Exclusive Interview With Michel De Hey

Rotterdam’s pride Michel de Hey is, in no small part, responsible for the city’s now vibrant house and techno scene. For over more then two decades he has championed the best the genre has to offer through his own tight DJ sets, radio shows, productions and, of course, courtesy of his own labels including HEY! and the late EC Records.  From funky house to big rolling techno via everything in between, de Hey can do it all.

With his talent as a producer, skills behind the decks and a variety of different genres, Michel opened the door to techno and tech house for a major crowd of lovers throughout almost 30 years. And he still does so today. He succeeded to get a solid reputation abroad through his excellent DJ performances at clubs, parties and festival events across the globe! Together with his ever so popular radio show HEY!Muzik which by now is broadcasted in more then 10 countries.

His own productions have joined the dots between sleek and stripped back techno, groove laden minimal and more propulsive tech house. Labels to have released these sounds include EC Records, Circle Music, DFTD as well as Noir and Bedrock Records, with in-the-know DJ’s always playing his records all over the world.

So too does the man himself tour, regularly playing top clubs and festivals like Womb, Japan, Circo Loco and Space in Ibiza, Weekend in Berlin, Mysteryland USA and many others across Europe and the Middle East, including the upcoming Amsterdam-based Free Your Mind on 6 June, 2015. Given Michel’s ability to thread together so many styles and sounds on dancefloors everywhere it’s no wonder he has mixed many compilation CDs in his time like No Nonsense, Technological Elements, Impulz, Dance Valley on Ibiza and many more.

“I really can’t see myself doing something that would make me happier than this. If they have to push me behind the decks on a wheeled walker, so be it.”

How was your musical upbringing?
There wasn’t any. My dad didn’t have any records or tapes. When he was moody he sang Edith Piaf, but that’s about it. My siblings had some singles – any young people reading this and don’t know what singles look like, they’re tiny vinyl records – but mainly for radio.

Back in the day, you had these local pirate radio stations and that’s actually where I developed my taste in dance music. Most of them were dedicated in playing specific genres like Disco or Italo. You didn’t have Shazam or anything, so the records were nothing short of a mystery and you’d have to go to a record store and hope they were nice enough to help you in your quest to find that specific record. I still bump in to records from those days that I remember hearing on those pirate radio stations.
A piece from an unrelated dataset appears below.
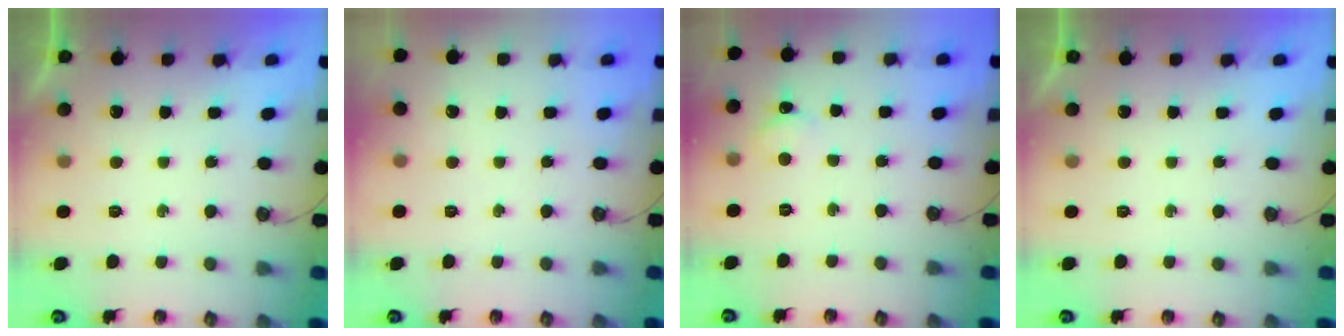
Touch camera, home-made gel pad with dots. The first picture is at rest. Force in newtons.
{"total": 0.0}
{"total": 2.0, "press": 2.0, "slide": 0.3}
{"total": 0.0}

Before I got into DJing I was already making mixtapes for school parties. I was about 11 years old; a friend and me would record it the day before. Of course they sounded awful, no actual mixing, but I really enjoyed making it and could’ve been my gateway into DJing.

So how did your parents react when you told them you wanted to focus on DJing?
My parents weren’t really excited. I started mixing when I was studying economics in university; shortly thereafter I went for English. You see, I’m from a big family: 8 siblings and all have been successful in acquiring their academic degree, well except for me. I couldn’t really find my way in university and was already playing enough gigs to get by. So, after a while I dropped out to give it a shot in being a full time DJ.

Your focus was on DJing, so how come you suddenly had that hit record ‘Break’?
I worked at Midtown Records where I met guys like Secret Cinema and Paul Elstak, who is now known as a hardcore DJ but used to be a real connoisseur in house music, and learnt a lot from them.

Midtown wanted to start a label and asked me if I had any tracks for them. I only bought an old sampler a year before, so it was amazing to see that my second record on Midtown was picked up in the States. At first I didn’t even know how well the record did. By coincidence, I opened the [Billboard] magazine and there it was, my name and record in their top 10.

I wasn’t really busy with things like that and didn’t regard myself as a good producer; I was better at recognising quality than making it. I just rammed things into the sampler. I had ideas that were good, but the execution wasn’t.

Being in the Dutch house/techno scene for such a long time, how do you stay relevant?
Of course I’m almost part of the first generation of DJ’s but I still play for young crowds. I still manage to find an audience even though your dad or mom might’ve danced in the same club, to the tunes I was playing. It’s fun to see people from that age still going to clubs, but those aren’t frequent clubbers. It’s the young crowd that goes to the club every single weekend that I play for. That is what staying relevant is all about: having an audience. I also host a radio show on Fresh FM; have my own label and club night; still doing remixes here and there; and, of course, I still love what I’m doing.

I still enjoy DJing so much! Last time at Winkel van Sinkel I had to play after Andre Galluzzi. Normally I’m not a big fan of the “graveyard shift”, but this was something else. The vibe in that place seemed like it would last forever. I really can’t see myself doing something that would make me happier than this. If they have to push me behind the decks on a wheeled walker, so be it.